Hasil coklit yang dilaksanakan oleh Pantarlih, menunjukkan bahwa Daftar Pemilih di Kuala Lumpur itu hanya sebanyak 64.148 pemilih. Jumlah pemilih tercoklit tersebut sempat dikomplain beberapa perwakilan parpol, pada rapat penetapan DPS.
"Namun, PPLN KL memutuskan agar data DP4 yang belum tercoklit dijadikan Daftar Pemilih Sementara (DPS), kemudian dikurangi data tidak memenuhi syarat (TMS), kemudian ditambah dengan data pemilih tercoklit. Sehingga hasil akhir yang ditetapkan menjadi DPS, sebanyak 491.152 pemilih, yang mana hal tersebut bertentangan dengan peraturan perundang-undangan yang berlaku karena penetapan DPS harus berdsarkan Data Hasil Coklit yang telah diverifikasi," ucap Jaksa.

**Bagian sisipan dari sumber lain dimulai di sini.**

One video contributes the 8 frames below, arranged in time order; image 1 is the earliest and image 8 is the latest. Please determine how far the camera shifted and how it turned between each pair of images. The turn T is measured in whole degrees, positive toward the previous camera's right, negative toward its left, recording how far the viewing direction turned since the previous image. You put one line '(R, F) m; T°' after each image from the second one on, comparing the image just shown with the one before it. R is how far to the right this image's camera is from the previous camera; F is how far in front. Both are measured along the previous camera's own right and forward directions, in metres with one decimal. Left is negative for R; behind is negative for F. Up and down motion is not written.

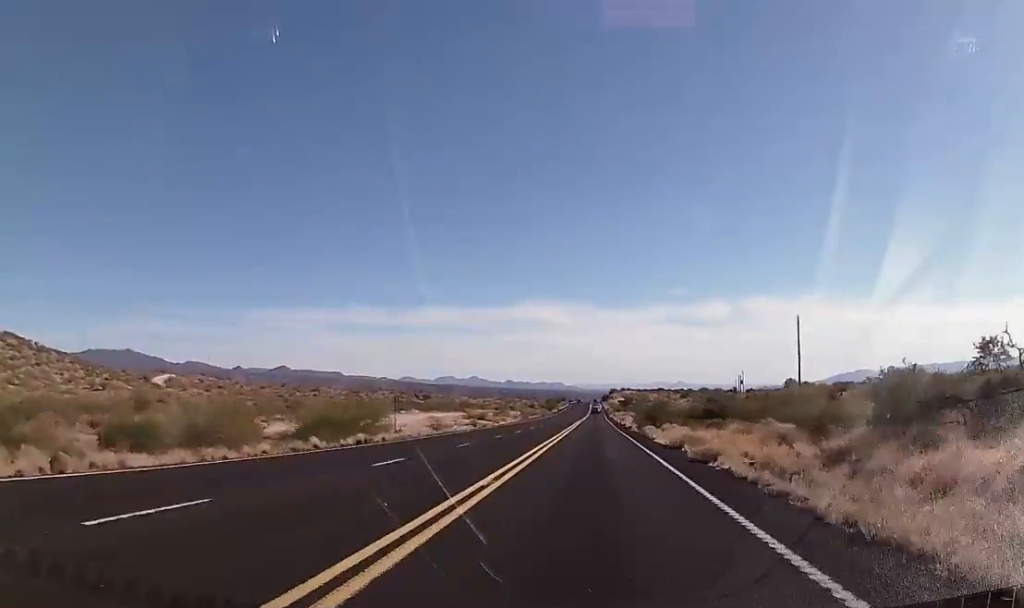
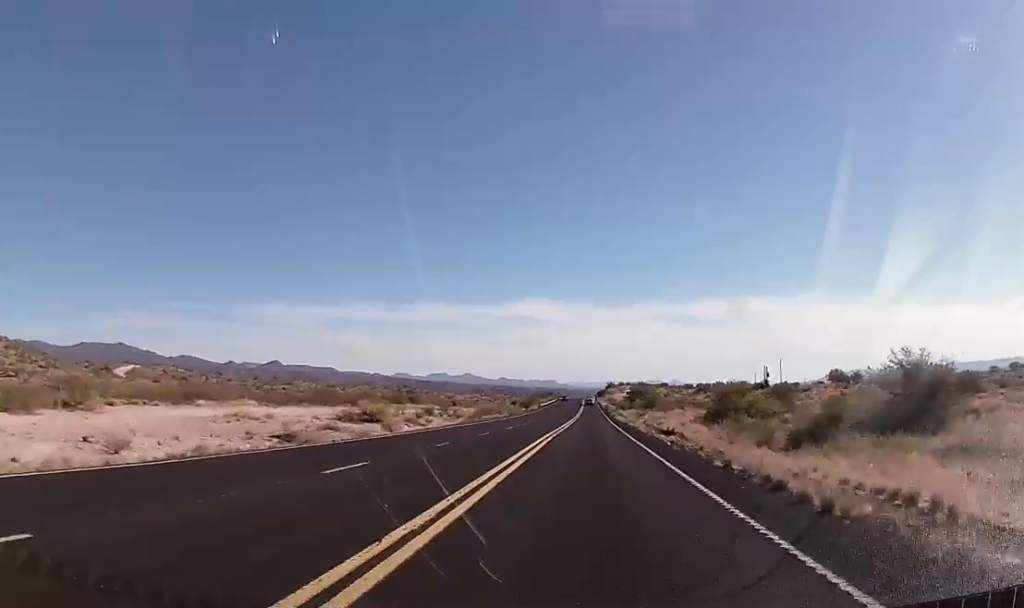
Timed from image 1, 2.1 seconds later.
(+0.4, +66.0) m; 0°
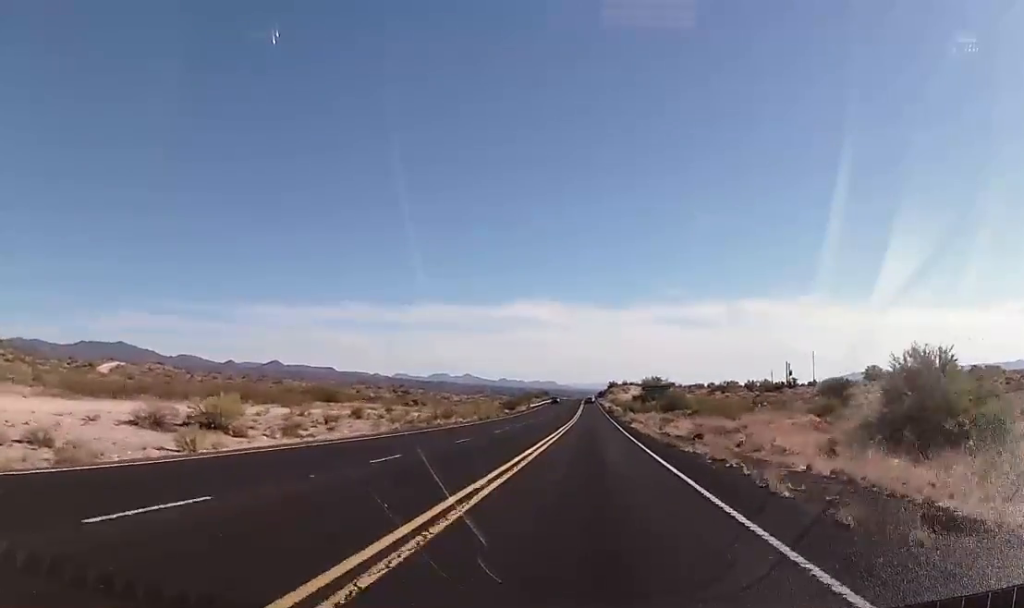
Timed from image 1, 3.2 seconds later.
(-0.4, +32.6) m; 0°
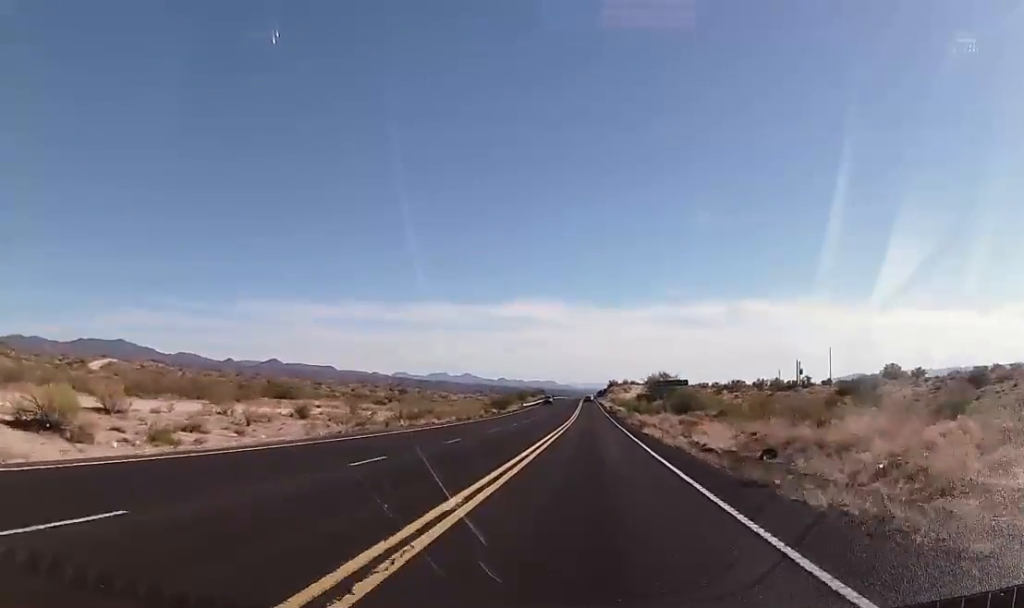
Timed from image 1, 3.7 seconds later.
(0.0, +14.2) m; 0°
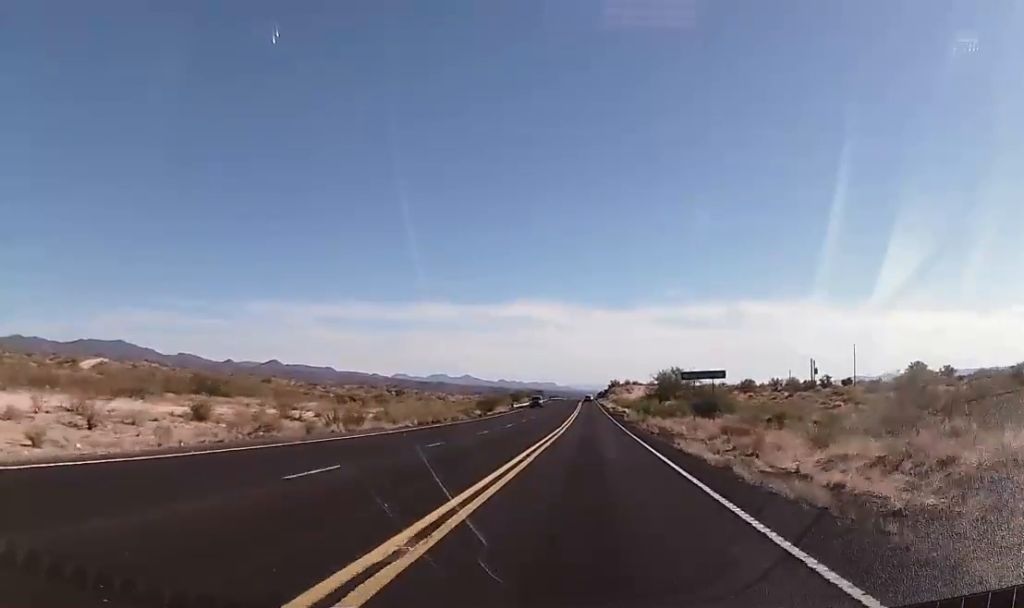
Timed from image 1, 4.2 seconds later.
(+0.2, +16.2) m; 0°
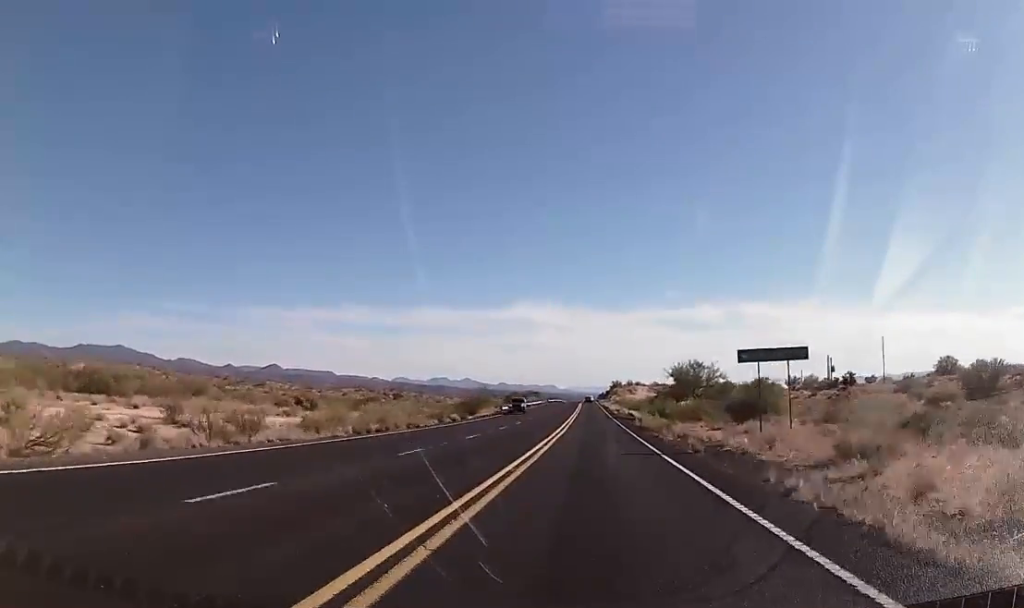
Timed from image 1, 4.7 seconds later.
(0.0, +16.2) m; 0°
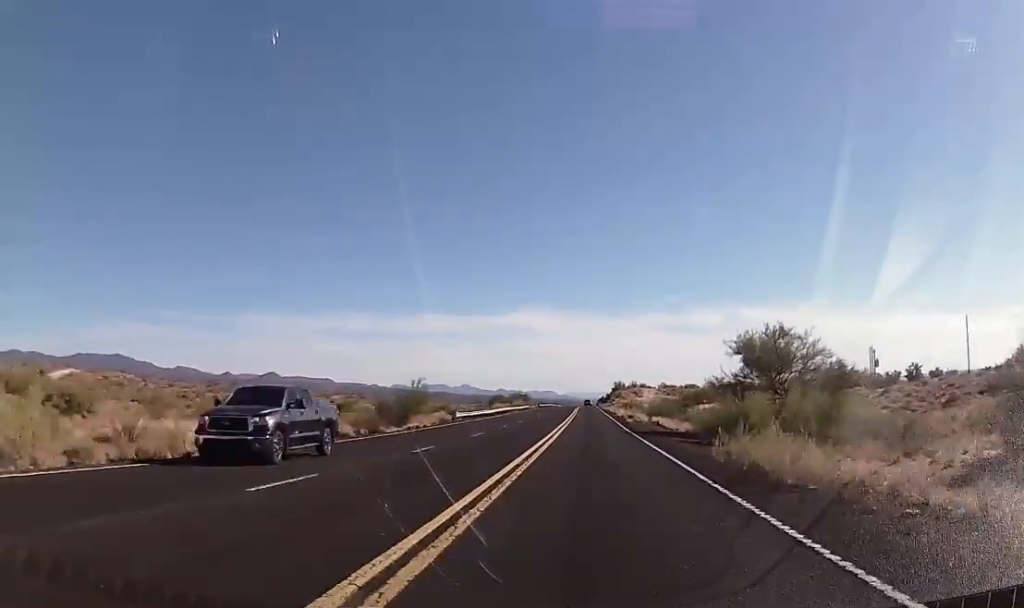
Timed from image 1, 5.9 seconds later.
(0.0, +34.5) m; 0°
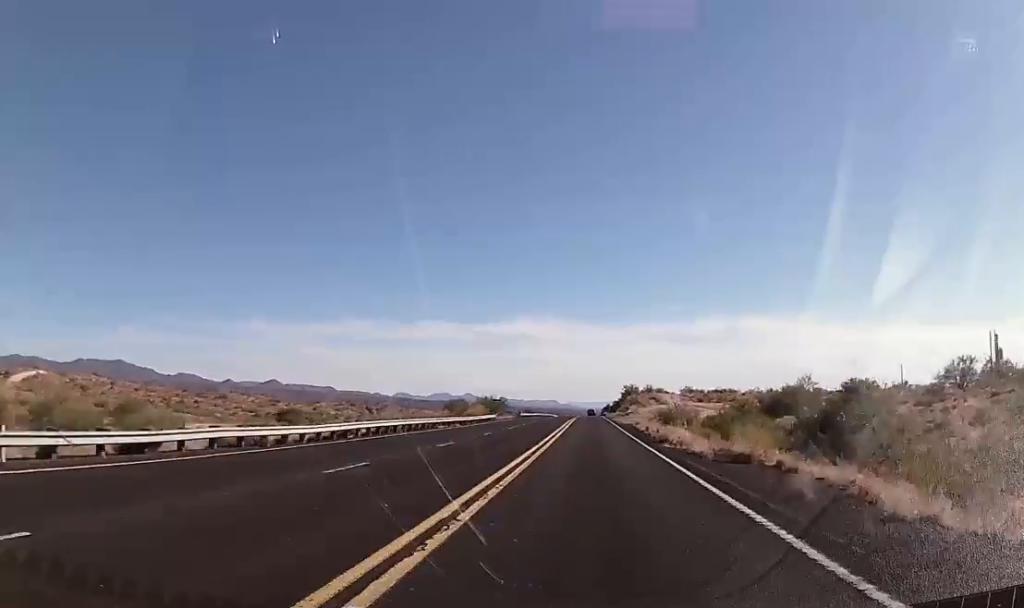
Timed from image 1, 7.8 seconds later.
(-0.3, +57.7) m; -1°

"Bahwa akibat perbuatan para terdakwa yang memasukan data yang tidak benar dan tidak valid karena tidak sesuai hasil coklit ke dalam daftar pemilihan sementara (DPS) menjadi daftar pemilihan sementara hasil perbaikan (DPSHS) dan kemudian ditetapkan menjadi daftar pemilih tetap (DPT) serta memindahkan daftar pemilih metode TPS ke metode KSK dan POS. Dalam kondisi data dan alamat tidak jelas atau tidak lengkap sehingga mengakibatkan untuk metode pos surat suara yang dikirim sebesar 154.629 namun kembali ke pengirim sebanyak 81.253 suara," sambungnya.
Atas perbuatannya, para terdakwa tersebut terancam dijerat pidana dalam pasal 554 undang-undang nomor 7 tahun 2017 tentang pemilihan umum jo pasal 55 ayat (1) ke-1 KUHP.